Exercise description: Across the entries below, how many lines have the string "offset" in them? Reply with only the number.

Start of Source records

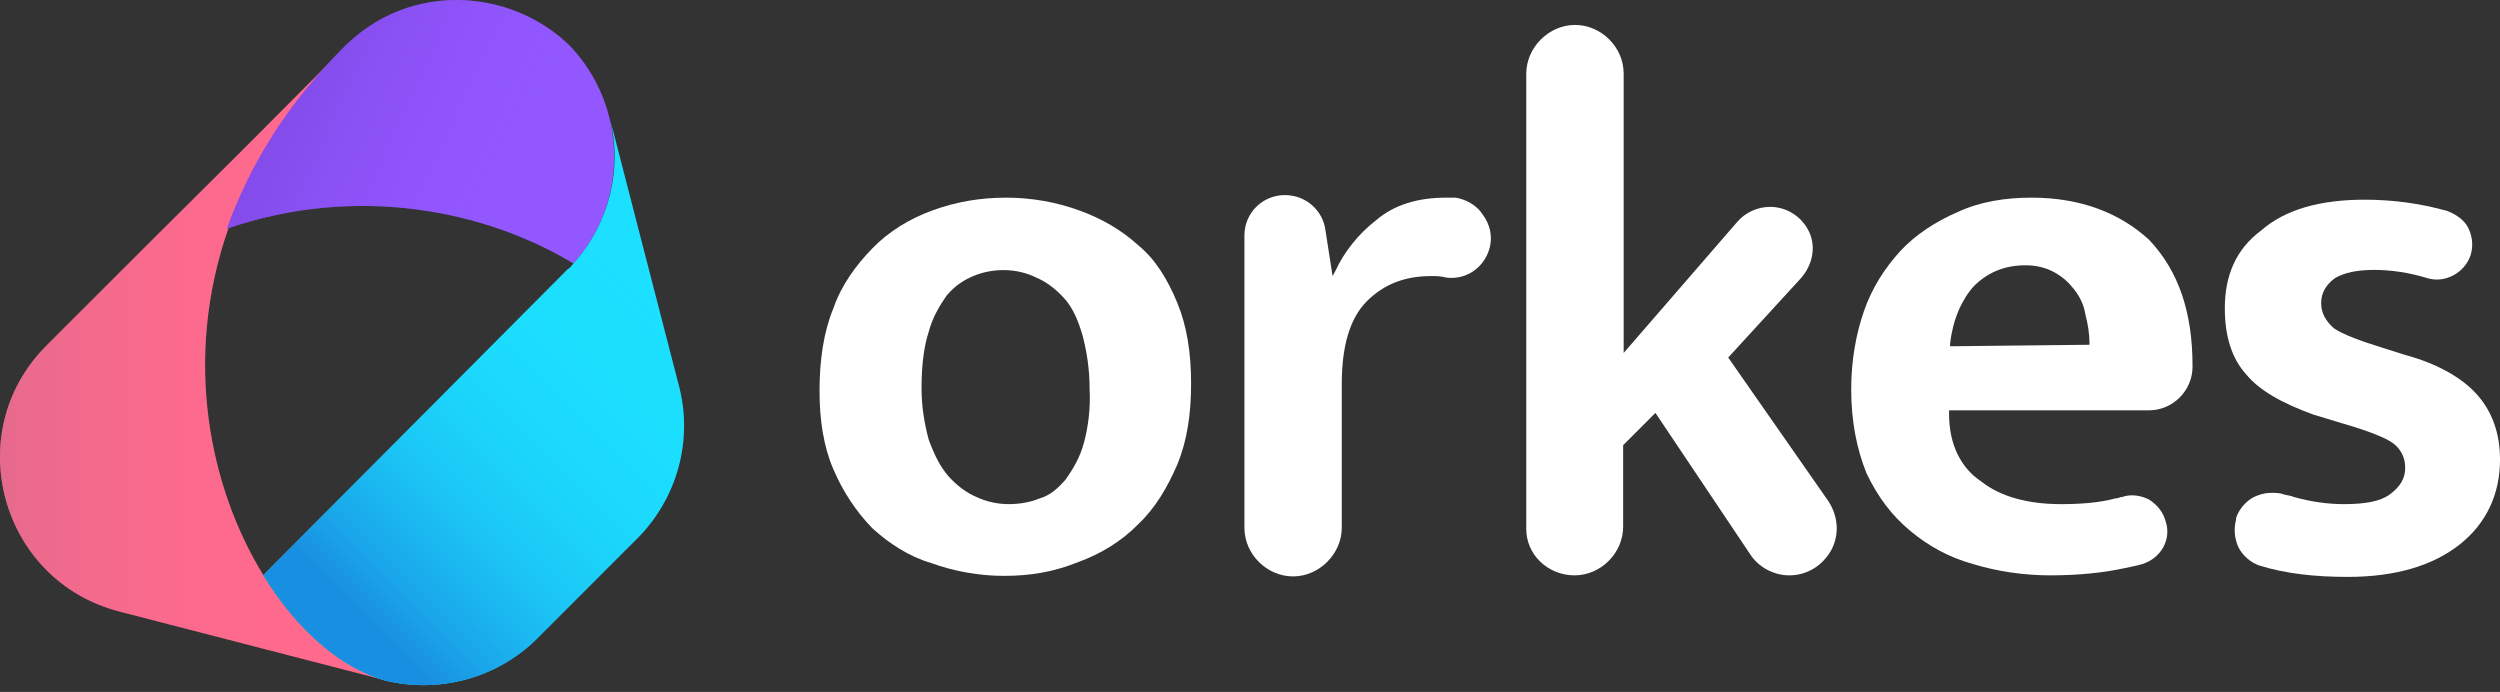 <svg xmlns="http://www.w3.org/2000/svg" width="112" height="31" viewBox="0 0 112 31" fill="none">
  <rect x="0" y="0" width="112" height="31" fill="#333333" stroke="none"/>
  <path d="M11.797 25.765C9.409 21.885 8.169 16.122 10.236 10.221C11.177 7.466 12.876 4.642 15.494 2.07L11.039 6.548L6.516 11.048L2.062 15.502C-1.795 19.382 0.019 26.017 5.345 27.395L17.239 30.472C15.241 29.898 13.29 28.222 11.797 25.765Z" fill="#FF6A8D"/>
  <path opacity="0.58" d="M11.797 25.765C9.409 21.885 8.169 16.122 10.236 10.221C11.177 7.466 12.876 4.642 15.494 2.07L11.039 6.548L6.516 11.048L2.062 15.502C-1.795 19.382 0.019 26.017 5.345 27.395L17.239 30.472C15.241 29.898 13.29 28.222 11.797 25.765Z" fill="url(#paint0_linear_102_79)"/>
  <path d="M15.424 2.093C12.783 4.734 11.153 7.489 10.166 10.244C15.975 8.247 21.738 9.418 25.687 11.805C28.19 9.05 28.121 4.734 25.503 2.024C22.863 -0.524 18.363 -0.846 15.424 2.093Z" fill="#9257FF"/>
  <path opacity="0.51" d="M15.424 2.093C12.783 4.734 11.153 7.489 10.166 10.244C15.975 8.247 21.738 9.418 25.687 11.805C28.19 9.05 28.121 4.734 25.503 2.024C22.863 -0.524 18.363 -0.846 15.424 2.093Z" fill="url(#paint1_linear_102_79)"/>
  <path d="M30.394 17.201L27.318 5.285C27.892 7.535 27.318 9.992 25.688 11.806C25.619 11.875 25.573 11.989 25.435 12.058L11.797 25.765C13.289 28.199 15.241 29.898 17.192 30.472C19.626 31.092 22.267 30.403 24.08 28.59L28.581 24.089C30.326 22.321 31.083 19.704 30.394 17.201Z" fill="#1CE0FF"/>
  <path d="M30.394 17.201L27.318 5.285C27.892 7.535 27.318 9.992 25.688 11.806C25.619 11.875 25.573 11.989 25.435 12.058L11.797 25.765C13.289 28.199 15.241 29.898 17.192 30.472C19.626 31.092 22.267 30.403 24.08 28.59L28.581 24.089C30.326 22.321 31.083 19.704 30.394 17.201Z" fill="url(#paint2_linear_102_79)"/>
  <path d="M65.21 8.855C65.095 8.855 64.888 8.855 64.773 8.855C63.511 8.855 62.454 9.177 61.651 9.865C60.847 10.485 60.204 11.312 59.837 12.116L59.699 12.368L59.378 10.302C59.263 9.429 58.505 8.74 57.564 8.74C56.554 8.74 55.75 9.544 55.75 10.554V23.641C55.75 24.835 56.76 25.823 57.931 25.823C59.102 25.823 60.112 24.812 60.112 23.641V17.19C60.112 15.491 60.48 14.251 61.237 13.493C61.995 12.735 62.937 12.368 64.107 12.368C64.36 12.368 64.544 12.368 64.796 12.437C65.738 12.552 66.541 11.932 66.748 11.059C66.863 10.554 66.748 10.049 66.426 9.613C66.151 9.177 65.646 8.924 65.21 8.855Z" fill="white"/>
  <path d="M70.536 25.776C71.73 25.776 72.717 24.766 72.717 23.595V19.944L74.163 18.498L78.411 24.835C78.778 25.409 79.467 25.776 80.156 25.776C80.959 25.776 81.648 25.34 82.038 24.651C82.406 23.962 82.36 23.159 81.924 22.47L77.424 16.018L80.684 12.46C81.189 11.886 81.373 11.082 81.051 10.393C80.73 9.704 80.041 9.268 79.306 9.268C78.732 9.268 78.181 9.521 77.814 9.957L72.74 15.812V3.299C72.74 2.105 71.73 1.117 70.558 1.117C69.388 1.117 68.377 2.128 68.377 3.299V23.664C68.354 24.835 69.342 25.776 70.536 25.776Z" fill="white"/>
  <path d="M91.016 8.855C89.822 8.855 88.697 9.038 87.709 9.497C86.699 9.934 85.826 10.508 85.138 11.242C84.449 12 83.875 12.873 83.508 13.929C83.14 14.985 82.934 16.179 82.934 17.442C82.934 18.888 83.186 20.128 83.622 21.207C84.127 22.263 84.747 23.09 85.574 23.779C86.4 24.467 87.319 24.973 88.398 25.271C89.454 25.592 90.648 25.776 91.842 25.776C93.105 25.776 94.23 25.661 95.171 25.455C95.493 25.386 95.745 25.34 95.975 25.271C96.778 25.018 97.284 24.215 97.031 23.388C96.916 22.952 96.664 22.631 96.273 22.378C95.906 22.194 95.47 22.125 95.079 22.263C94.965 22.263 94.896 22.332 94.758 22.332C94.069 22.516 93.266 22.585 92.324 22.585C90.878 22.585 89.638 22.263 88.765 21.574C87.824 20.954 87.319 19.875 87.319 18.567V18.383H96.273C97.329 18.383 98.225 17.511 98.225 16.431V16.386C98.225 13.998 97.605 12.138 96.273 10.737C94.965 9.543 93.22 8.855 91.016 8.855ZM93.702 15.444L87.365 15.513V15.398C87.48 14.342 87.87 13.447 88.421 12.827C89.041 12.207 89.799 11.885 90.74 11.885C91.245 11.885 91.681 12 92.049 12.207C92.416 12.413 92.669 12.643 92.921 12.964C93.174 13.286 93.357 13.653 93.426 14.089C93.541 14.526 93.61 14.962 93.61 15.398V15.467H93.702V15.444Z" fill="white"/>
  <path d="M99.672 13.814C99.672 15.077 99.993 16.064 100.613 16.753C101.233 17.511 102.243 18.061 103.621 18.567L104.677 18.888C105.802 19.209 106.629 19.508 107.065 19.761C107.501 20.013 107.754 20.449 107.754 20.954C107.754 21.46 107.501 21.827 107.065 22.148C106.629 22.47 105.94 22.585 104.999 22.585C104.241 22.585 103.506 22.47 102.749 22.263C102.634 22.194 102.427 22.194 102.312 22.148C102.129 22.079 101.945 22.079 101.738 22.079C101.486 22.079 101.233 22.148 100.981 22.263C100.613 22.447 100.292 22.837 100.177 23.204V23.273C100.062 23.71 100.108 24.146 100.292 24.536C100.475 24.904 100.866 25.225 101.233 25.34C102.427 25.707 103.736 25.845 105.182 25.845C107.318 25.845 108.994 25.34 110.188 24.398C111.381 23.457 112.001 22.148 112.001 20.587C112.001 19.393 111.634 18.406 110.945 17.648C110.256 16.89 109.131 16.271 107.754 15.903L106.744 15.582C105.687 15.26 104.93 14.962 104.562 14.709C104.195 14.388 103.988 14.021 103.988 13.584C103.988 13.148 104.172 12.781 104.608 12.459C105.044 12.207 105.618 12.092 106.353 12.092C107.111 12.092 107.914 12.207 108.741 12.459C109.545 12.712 110.44 12.207 110.693 11.403C110.807 10.967 110.762 10.6 110.578 10.209C110.394 9.842 110.004 9.589 109.636 9.452C108.511 9.13 107.249 8.946 105.94 8.946C103.942 8.946 102.381 9.383 101.302 10.324C100.154 11.174 99.672 12.367 99.672 13.814Z" fill="white"/>
  <path d="M52.741 20.817C53.177 19.761 53.361 18.567 53.361 17.189C53.361 15.812 53.177 14.618 52.741 13.562C52.305 12.505 51.754 11.61 50.996 10.99C50.238 10.301 49.366 9.796 48.355 9.429C47.345 9.061 46.22 8.855 45.095 8.855C43.901 8.855 42.845 9.038 41.766 9.429C40.756 9.796 39.814 10.37 39.08 11.128C38.345 11.886 37.702 12.758 37.335 13.814C36.898 14.87 36.715 16.133 36.715 17.511C36.715 18.819 36.898 20.013 37.335 21.024C37.771 22.034 38.345 22.906 39.08 23.664C39.837 24.353 40.71 24.927 41.72 25.225C42.73 25.593 43.855 25.799 44.98 25.799C46.174 25.799 47.23 25.616 48.31 25.179C49.32 24.812 50.261 24.238 50.996 23.48C51.754 22.768 52.305 21.827 52.741 20.817ZM48.562 19.83C48.379 20.518 48.057 21.024 47.759 21.46C47.391 21.896 47.001 22.218 46.565 22.332C46.128 22.516 45.623 22.585 45.187 22.585C44.682 22.585 44.177 22.47 43.741 22.263C43.304 22.08 42.868 21.758 42.478 21.322C42.11 20.886 41.858 20.381 41.605 19.692C41.422 19.003 41.284 18.245 41.284 17.373C41.284 16.363 41.399 15.49 41.605 14.87C41.789 14.181 42.11 13.676 42.409 13.24C42.776 12.804 43.167 12.551 43.603 12.368C44.475 12 45.554 12 46.427 12.437C46.863 12.62 47.299 12.942 47.69 13.378C48.08 13.814 48.31 14.388 48.493 15.008C48.677 15.697 48.815 16.5 48.815 17.442C48.861 18.314 48.746 19.141 48.562 19.83Z" fill="white"/>
  <defs>
    <linearGradient id="paint0_linear_102_79" x1="-0.053" y1="16.287" x2="17.154" y2="16.287" gradientUnits="userSpaceOnUse">
      <stop stop-color="#D26A8D"/>
      <stop offset="0.096" stop-color="#DA6A8D" stop-opacity="0.904"/>
      <stop offset="0.402" stop-color="#EF6A8D" stop-opacity="0.598"/>
      <stop offset="0.705" stop-color="#FB6A8D" stop-opacity="0.295"/>
      <stop offset="1" stop-color="#FF6A8D" stop-opacity="0"/>
    </linearGradient>
    <linearGradient id="paint1_linear_102_79" x1="13.257" y1="4.588" x2="25.672" y2="10.376" gradientUnits="userSpaceOnUse">
      <stop stop-color="#7741D8"/>
      <stop offset="0.676" stop-color="#8D53F8" stop-opacity="0.16"/>
      <stop offset="0.804" stop-color="#9257FF" stop-opacity="0"/>
    </linearGradient>
    <linearGradient id="paint2_linear_102_79" x1="17.944" y1="29.277" x2="32.669" y2="14.554" gradientUnits="userSpaceOnUse">
      <stop stop-color="#198FE1"/>
      <stop offset="0.101" stop-color="#1A9EE7" stop-opacity="0.899"/>
      <stop offset="0.33" stop-color="#1BBBF1" stop-opacity="0.67"/>
      <stop offset="0.557" stop-color="#1BD0F9" stop-opacity="0.443"/>
      <stop offset="0.782" stop-color="#1CDCFD" stop-opacity="0.218"/>
      <stop offset="1" stop-color="#1CE0FF" stop-opacity="0"/>
    </linearGradient>
  </defs>
</svg>

End of Source records

Task response: 11